APPEAL from the Circuit Court of Cook County; the Hon. REGINALD J. HOLZER, Judge, presiding.


Plaintiffs, Donald Smith and Harold Gluff, filed an action at law against defendant Realcoa Construction Co. for compensation for services rendered. After a bench trial judgment was entered in favor of plaintiffs in the amount of $230. Plaintiffs appeal from this judgment, and raise these issues for our review:

1. Whether the trial court improperly refused plaintiffs' request for a jury after defendant waived its demand;

2. Whether the trial court improperly permitted the testimony of a defense witness whose name was omitted from defendant's answers to interrogatories; and

3. Whether the decision of the trial court is against the manifest weight of the evidence.

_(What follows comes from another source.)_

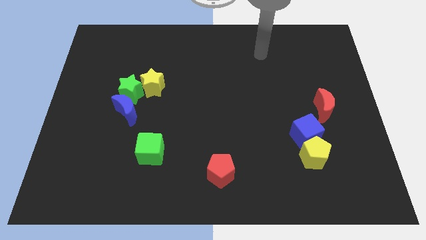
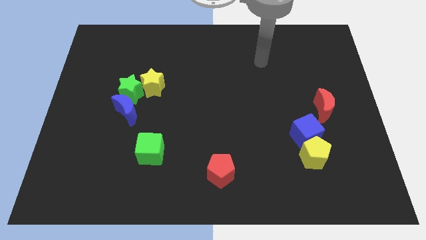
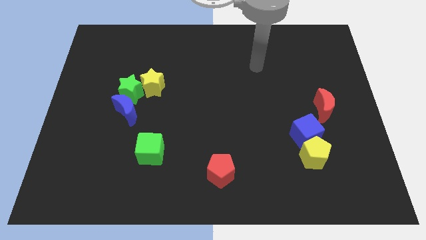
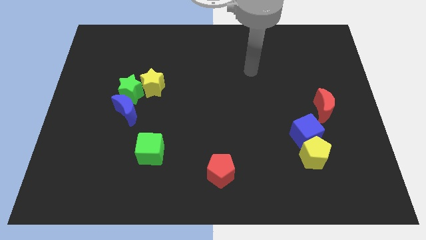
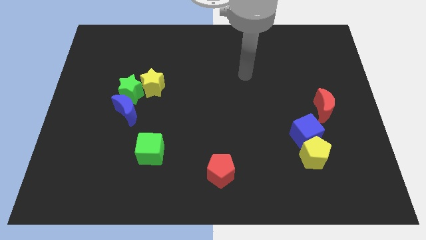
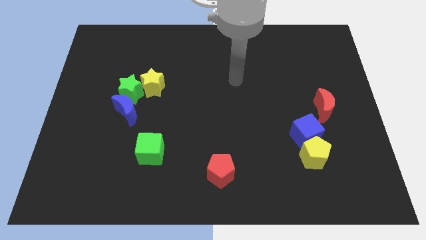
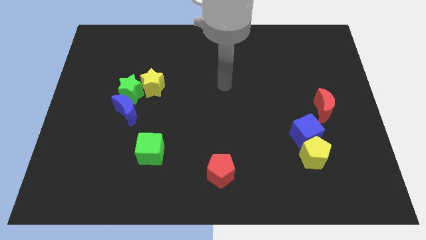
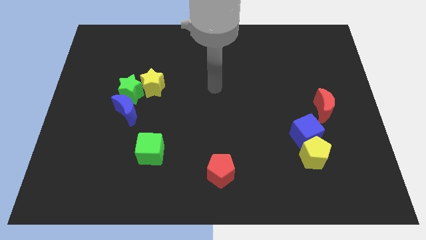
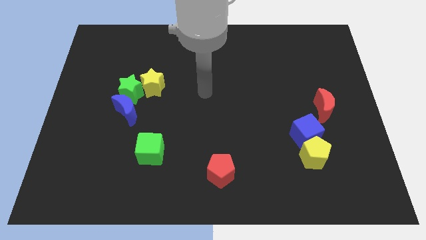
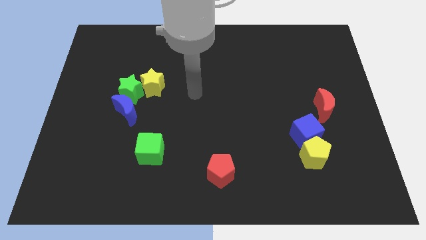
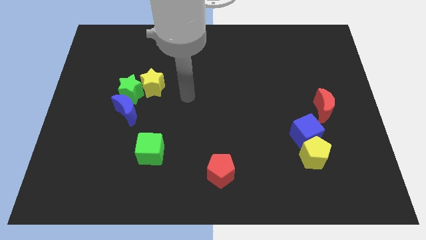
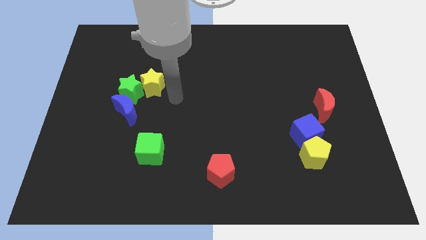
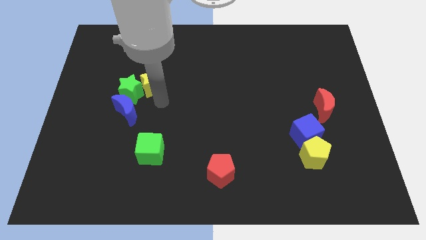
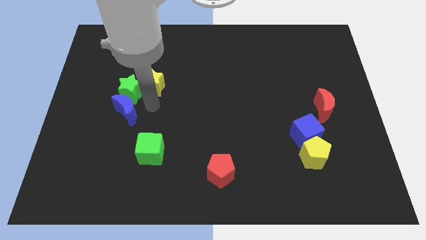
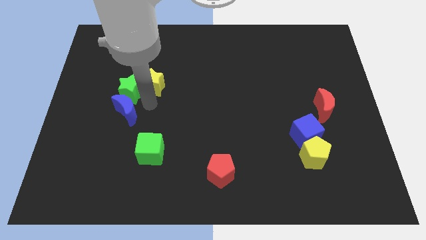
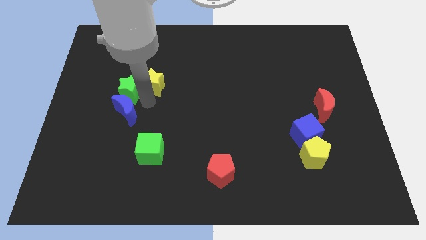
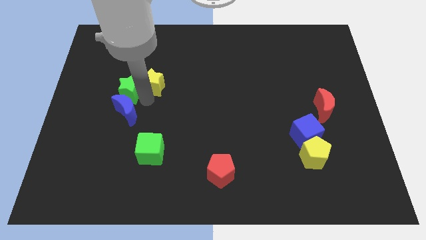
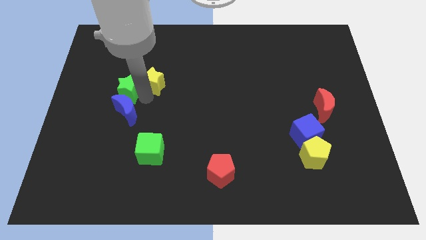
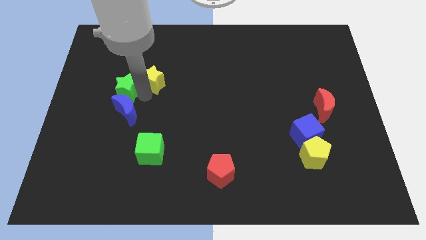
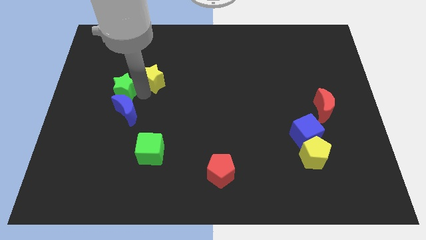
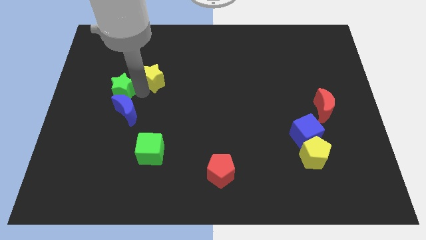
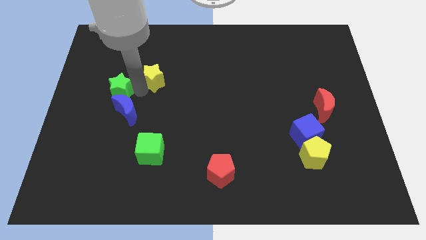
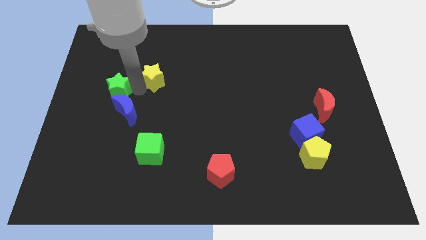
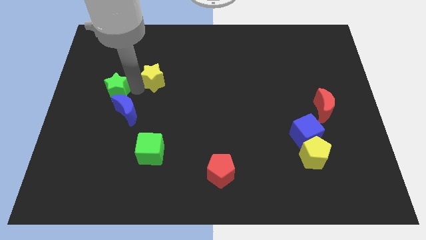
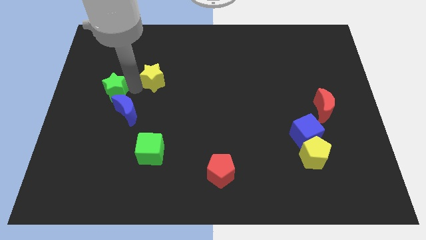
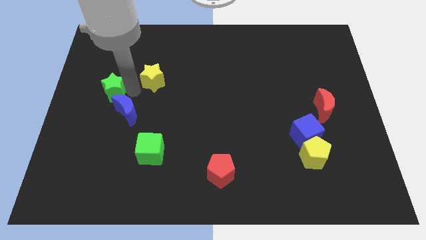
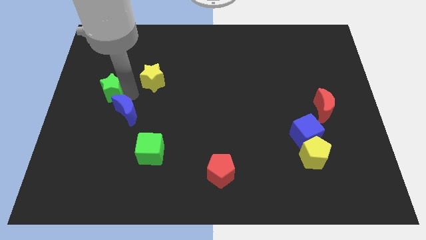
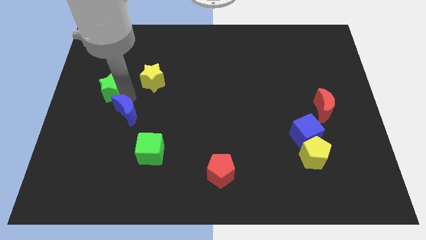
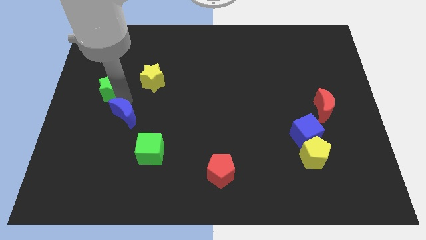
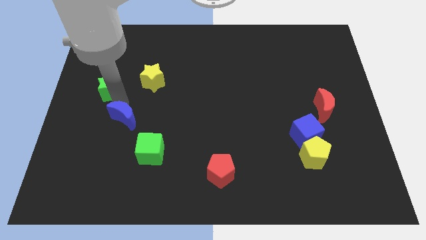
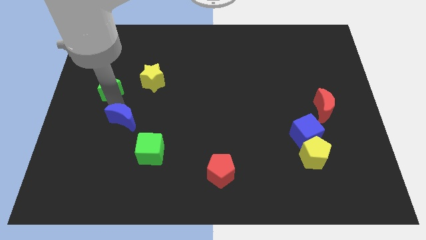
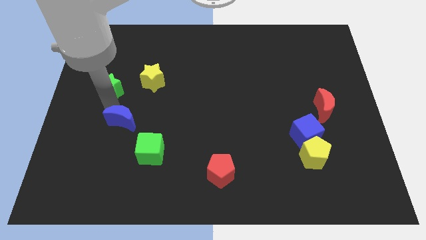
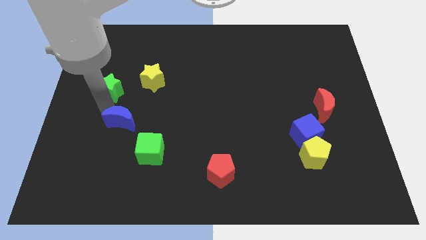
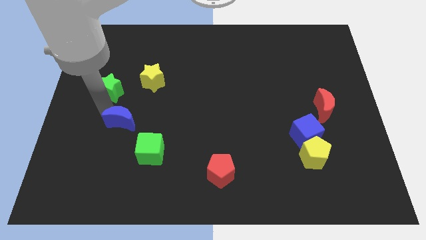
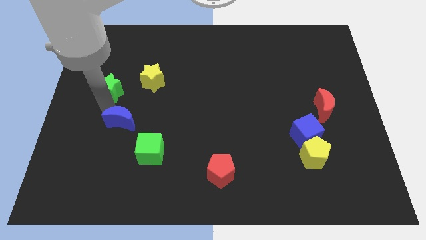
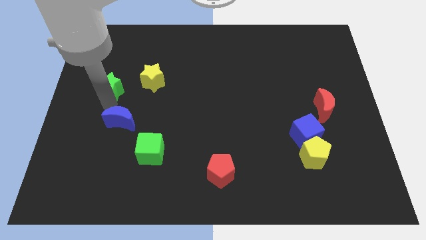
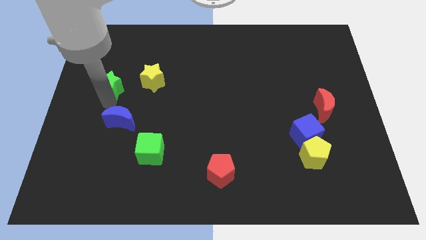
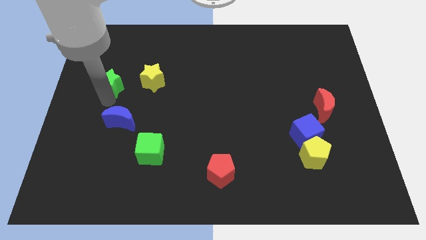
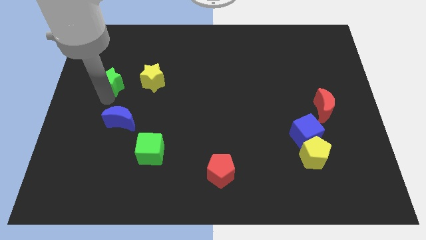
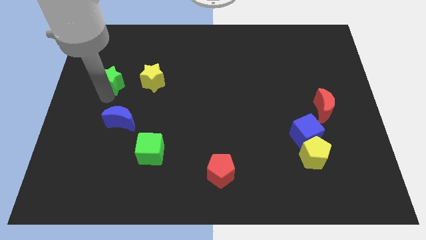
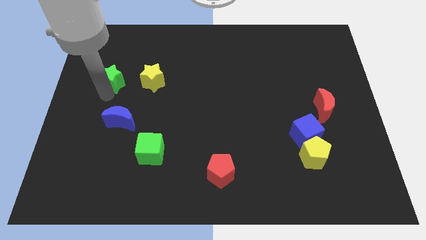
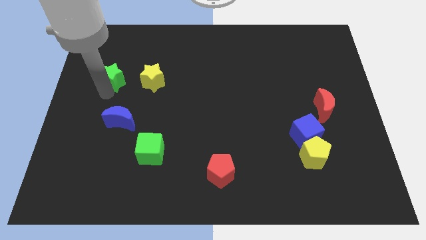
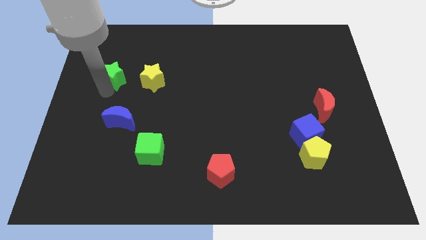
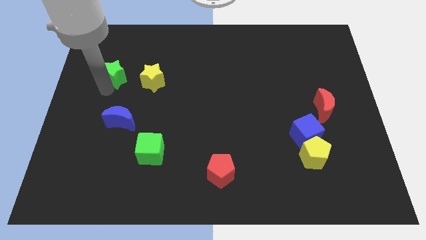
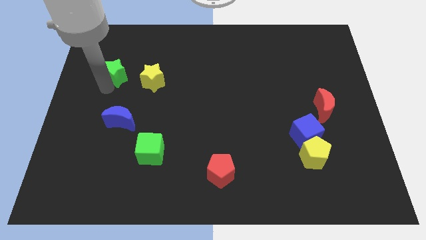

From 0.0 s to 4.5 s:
separate the green star from the yellow star and blue moon

The record indicates that plaintiff Donald Smith was a self-employed excavator. In May, 1964 he was recommended by his brother, Harold Smith, for a job on defendant's Shires subdivision in Des Plaines. Harold Smith was at that time defendant's construction superintendent on the Shires project. On May 7, 1964 plaintiff Smith entered into an oral contract with Earl Rosin, defendant's agent in charge of the Shires subdivision. Plaintiff was hired to excavate and grade, and was to receive an agreed-upon hourly rate for the grading work. In July and August of 1964 plaintiffs were paid a total of $1801 and at trial it was shown that an additional $91 had been paid. Therefore, the sum in controversy at trial was $6349.25. Defendant based its defense on (1) improper work by plaintiffs requiring grading to be redone by third parties hired by defendant and (2) improper billing for time during which plaintiffs' equipment was inoperative. Defendant admitted owing plaintiffs $230 for excavating and back-filling work.

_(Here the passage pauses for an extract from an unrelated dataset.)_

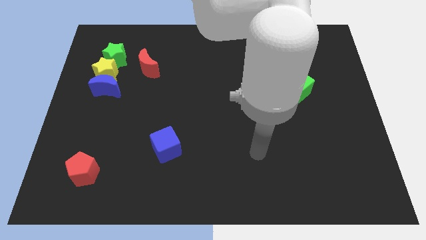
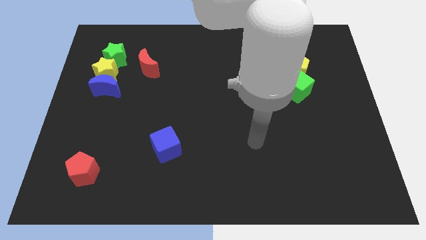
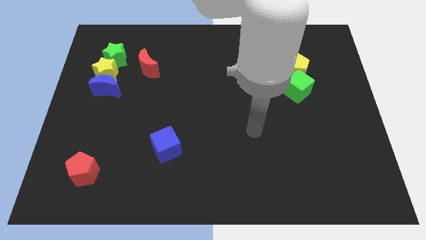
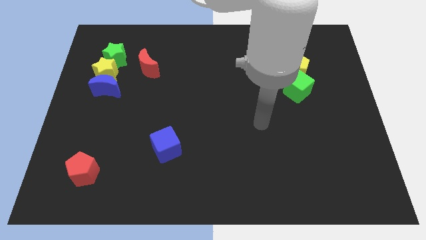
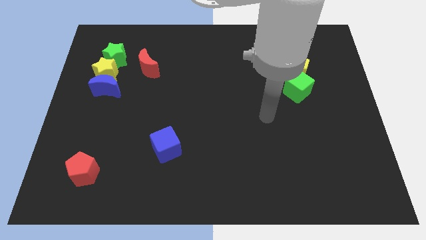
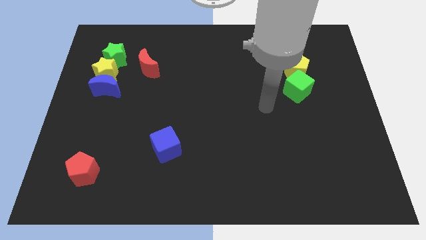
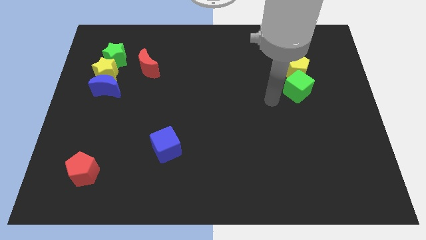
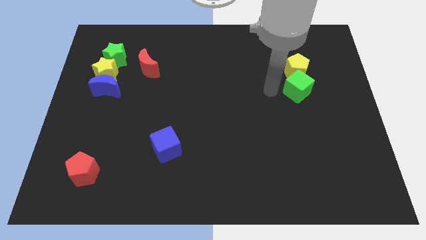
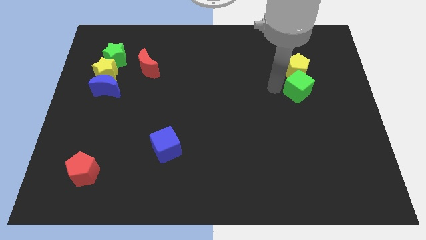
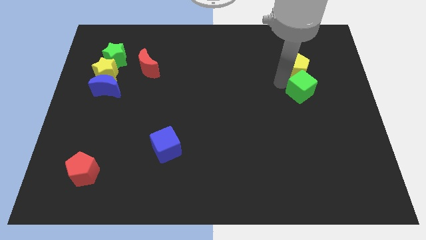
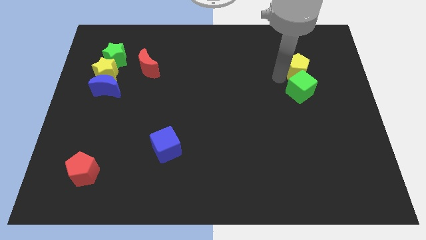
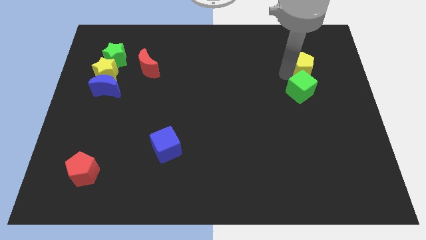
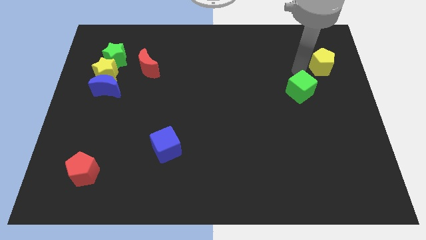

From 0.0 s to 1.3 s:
move the green cube away from the yellow pentagon

At trial, both plaintiffs testified that their tractor and dump truck had not been idle and that they had received no complaints regarding their grading work while they were on the job. Harold Gluff testified that he was hired by Donald Smith in mid-July, and remained on the job until August 18, that his equipment consisted of a tractor for grading and a dump truck, and that he could not read grading plans very well. Donald Smith testified that he visited the work site approximately 3-4 hours per week, and each of his machine operators kept his own time record. He therefore was not able to testify from his personal knowledge regarding the idle time of his employees or of their equipment. He also testified that he had no recollection of seeing defendant's grading plan at the site, and that he could not recall the substance of any of his conversations with Ted Paige who replaced Harold Smith as superintendent in mid-July, 1964. Harold Smith testified that the grading plan, "Defendant's Exhibit #1," may have been at the site, that his job as superintendent included signing work authorizations before payment could be made for properly done work, and that on one occasion he had signed an authorization for an improperly done grading job which Donald Smith was obliged to regrade.

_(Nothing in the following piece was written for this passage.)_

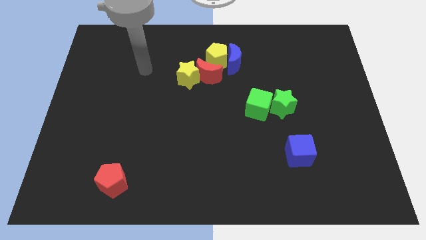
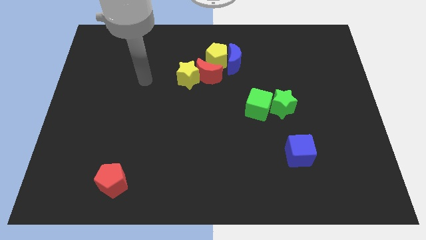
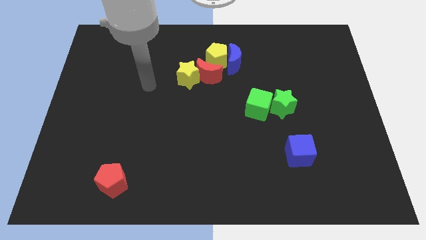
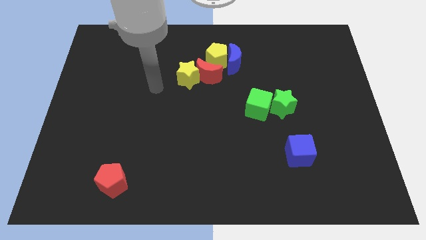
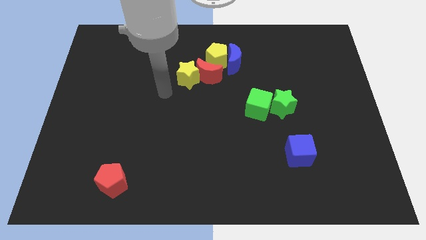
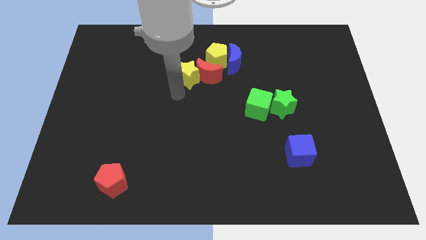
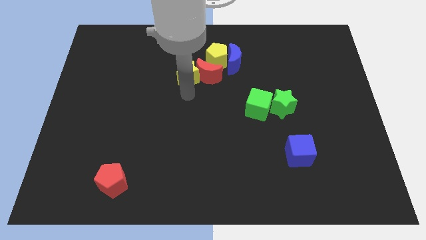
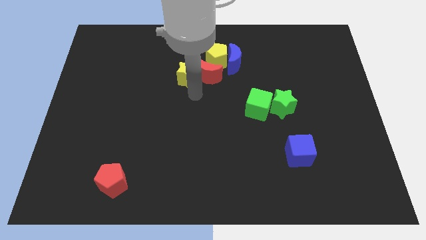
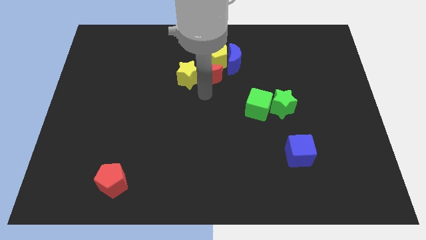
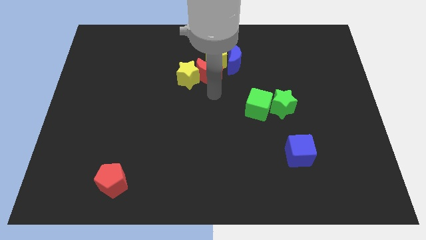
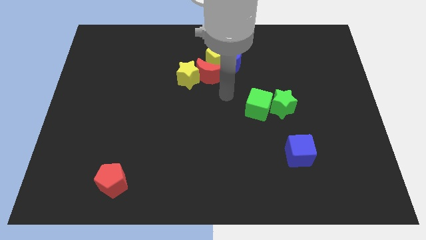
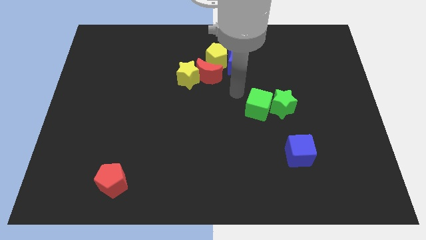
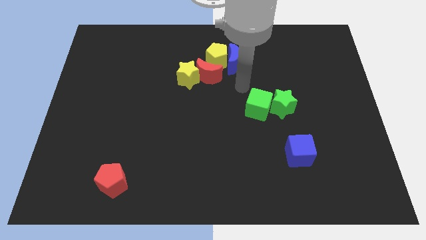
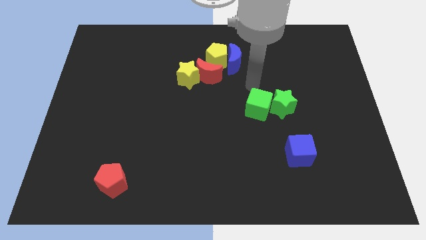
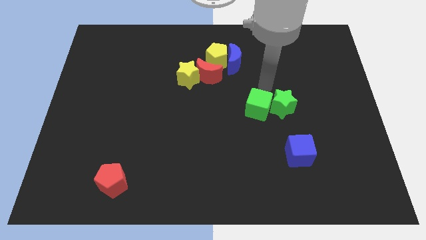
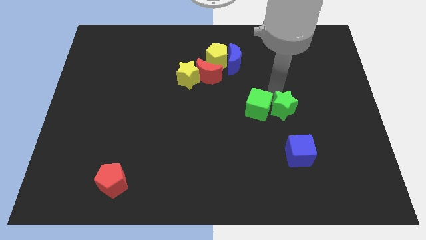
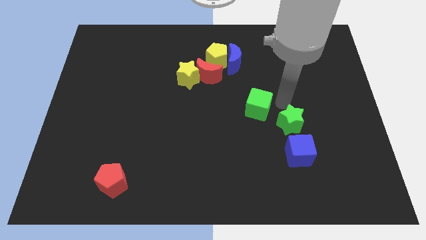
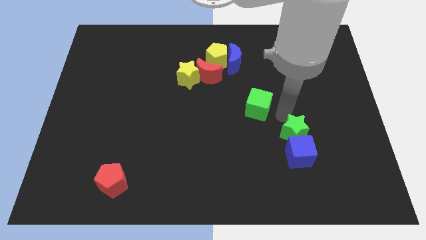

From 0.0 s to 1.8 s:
separate the green cube from the green star

Earl Rosin, the president of defendant corporation, testified that he visited the job site, and in June of 1964 he advised Harold Smith that the grading was improper. In late July or August, he discussed the problem with Donald Smith who assured him that the work would be done properly. Three former employees of defendant testified that they observed improper grading on the site, and that plaintiffs' equipment was inoperative. Paige, the superintendent at the site from the first week in July until early 1965 testified that he went over the grading plan with Donald Smith, but subsequently he had to summon another contractor to regrade a portion of the land; Harold Gluff could not redo the grading because his tractor was inoperative. Paige declined to sign work authorizations for improperly graded work and also for time when the machines were inoperative. He also testified that Gluff devoted too much time to moving dirt with his dump truck. Phillip Sacks, an assistant superintendent, testified that the tractor and dump truck were idle through July and August. The final witness to testify regarding the improper grading was Michael Rothbard who observed the work at the site and handled defendant's billing. He also stated that from July 14 to August 19, the tractor was idle, but that on two occasions the dump truck was used and those bills were paid.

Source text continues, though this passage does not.